In the below code:
class EnrichmentStream {
private val checkpointsDir = "file://${System.getProperty("user.dir")}/checkpoints/"
private val rocksDBStateDir = "file://${System.getProperty("user.dir")}/state/rocksdb/"
companion object {
@JvmStatic
fun main(args: Array<String>) {
EnrichmentStream().runStream()
}
}
fun runStream() {
val environment = StreamExecutionEnvironment
.createLocalEnvironmentWithWebUI(Configuration())
environment.parallelism = 3
// Checkpoint Configurations
environment.enableCheckpointing(5000)
environment.checkpointConfig.minPauseBetweenCheckpoints = 100
environment.checkpointConfig.setCheckpointStorage(checkpointsDir)
val stateBackend = EmbeddedRocksDBStateBackend()
stateBackend.setDbStoragePath(rocksDBStateDir)
environment.stateBackend = stateBackend
environment.checkpointConfig.externalizedCheckpointCleanup =
CheckpointConfig.ExternalizedCheckpointCleanup.RETAIN_ON_CANCELLATION
// Configure Restart Strategy
environment.restartStrategy = RestartStrategies.fixedDelayRestart(5, Time.seconds(5))
val tableEnvironment = StreamTableEnvironment.create(environment)
// Run some SQL queries to check the existing Catalogs, Databases and Tables
tableEnvironment
.executeSql("SHOW CATALOGS")
.print()
tableEnvironment
.executeSql("SHOW DATABASES")
.print()
tableEnvironment
.executeSql("SHOW TABLES")
.print()
tableEnvironment
.executeSql("CREATE TABLE Orders (`user` BIGINT, product STRING, amount INT) WITH (...)")
.print()
}
}
Can Flink statebackend delete old records(more than 2 hours old) in RocksDB table(Orders
)? so that table(Orders
) has records whose life is less than 2 hours old, at any point of time. We use this data for comparison.

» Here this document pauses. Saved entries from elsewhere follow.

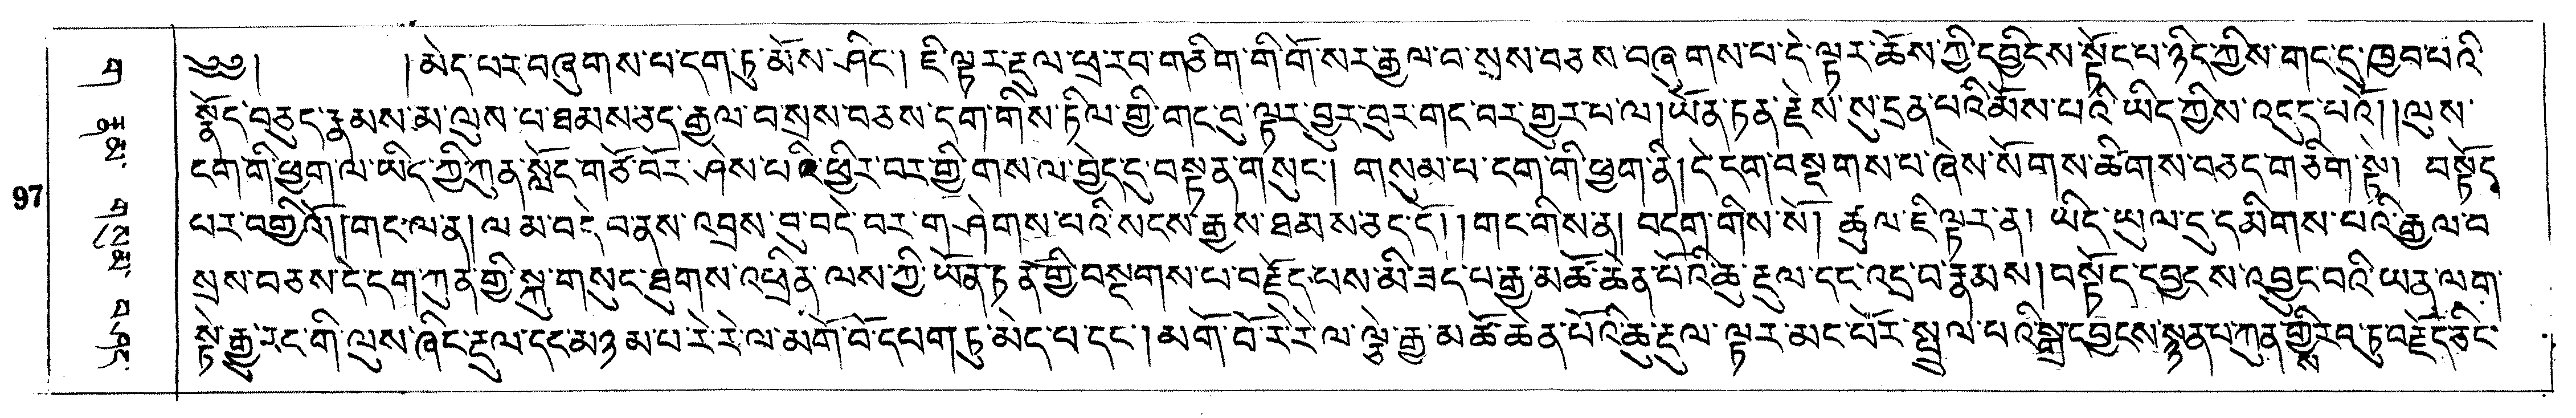༄༅། །མེད་པར་བཞུགས་པ་དག་ཏུ་མོས་ཤིང་། ཇི་ལྟར་རྡུལ་ཕྲ་རབ་གཅིག་གི་གོ་སར་རྒྱལ་བ་སྲས་བཅས་བཞུགས་པ་དེ་ལྟར་ཆོས་ཀྱི་དབྱིངས་སྟོང་པ་ཉིད་ཀྱིས་གང་དུ་ཁྱབ་པའི་
སྣོད་བཅུད་རྣམས་མ་ལུས་པ་ཐམས་ཅད་རྒྱལ་བ་སྲས་བཅས་དག་གིས་ཏིལ་གྱི་གང་བུ་ལྟར་བྱུར་བུར་གང་བར་གྱུར་པ་ལ། ཡོན་ཏན་རྗེས་སུ་དྲན་པའི་མོས་པའི་ཡིད་ཀྱིས་འདུད་པའོ། །ལུས་
ངག་གི་ཕྱག་ལ་ཡིད་ཀྱི་ཀུན་སློང་གཙོ་བོར་ཤེས་པའི་ཕྱིར་བར་གྱི་གསལ་བྱེད་དུ་བསྟན་གསུང་། གསུམ་པ་ངག་གི་ཕྱག་ནི། དེ་དག་བསྔགས་པ་ཞེས་སོགས་ཚིགས་བཅད་གཅིག་སྟེ། བསྟོད་
པར་བགྱིའོ། །གང་ལ་ན། ལམ་བདེ་བ་ནས་འབྲས་བུ་བདེ་བར་གཤེགས་པའི་སངས་རྒྱས་ཐམས་ཅད་དོ། །གང་གིས་ན། བདག་གིས་སོ། ཚུལ་ཇི་ལྟར་ན། ཡིད་ཡུལ་དུ་དམིགས་པའི་རྒྱལ་བ་
སྲས་བཅས་དེ་དག་ཀུན་གྱི་སྐུ་གསུང་ཐུགས་འཕྲིན་ལས་ཀྱི་ཡོན་ཏན་གྱི་བསྔགས་པ་བརྗོད་པས་མི་ཟད་པ་རྒྱ་མཚོ་ཆེན་པོའི་ཆུ་རྡུལ་དང་འདྲ་བ་རྣམས། བསྟོད་དབྱངས་འབྱུང་བའི་ཡན་ལག་
སྟེ་རྒྱུ་རང་གི་ལུས་ཞིང་རྡུལ་དང་མཉམ་པ་རེ་རེ་ལ་མགོ་བོ་དཔག་ཏུ་མེད་པ་དང་། མགོ་བོ་རེ་རེ་ལ་ལྕེ་རྒྱ་མཚོ་ཆེན་པོའི་ཆུ་རྡུལ་ལྟར་མང་པོར་སྤྲུལ་པའི་སྒྲ་དབྱངས་སྙན་པ་ཀུན་གྱིས་རབ་ཏུ་བརྗོད་ཅིང་

if yes, what is the syntax for CREATE TABLE
to inform that interval?
What you can do is to set table.exec.state.ttl
to two hours -- see the docs for the specifics.
The effect of this will be to expire all of the state for this job after two hours. There's (currently) no way to specific the state TTL on a per-table basis.
Update:
In many cases it's not necessary to do this sort of state management yourself. If you construct your queries so that the temporal constraints are part of the query, then Flink SQL will automatically clear state that is no longer useful.
Queries that can do this include interval and temporal joins, windows, over aggregations, and match_recognize.